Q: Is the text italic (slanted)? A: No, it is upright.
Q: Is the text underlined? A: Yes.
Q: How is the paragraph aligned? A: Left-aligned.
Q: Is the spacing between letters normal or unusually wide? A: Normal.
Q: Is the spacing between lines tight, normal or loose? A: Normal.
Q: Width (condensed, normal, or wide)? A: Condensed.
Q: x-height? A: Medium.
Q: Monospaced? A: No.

---

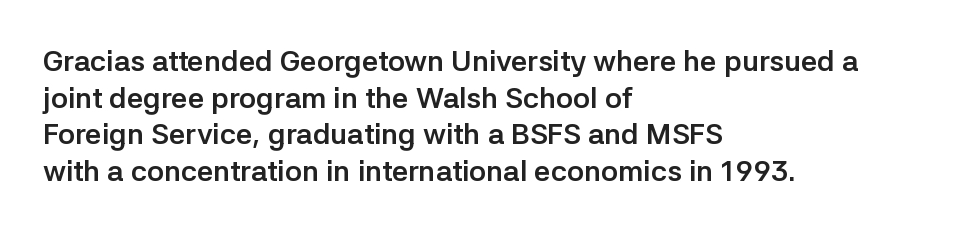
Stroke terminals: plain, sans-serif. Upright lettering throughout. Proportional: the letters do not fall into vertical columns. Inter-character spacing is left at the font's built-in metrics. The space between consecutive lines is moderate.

Exercise instructions: From the records above, copy out the line with "Q: Is the text underlined? A: Yes.", the line with "Q: Monospaced? A: No.", and every line between them, word for word.

Finished task:
Q: Is the text underlined? A: Yes.
Q: How is the paragraph aligned? A: Left-aligned.
Q: Is the spacing between letters normal or unusually wide? A: Normal.
Q: Is the spacing between lines tight, normal or loose? A: Normal.
Q: Width (condensed, normal, or wide)? A: Condensed.
Q: x-height? A: Medium.
Q: Monospaced? A: No.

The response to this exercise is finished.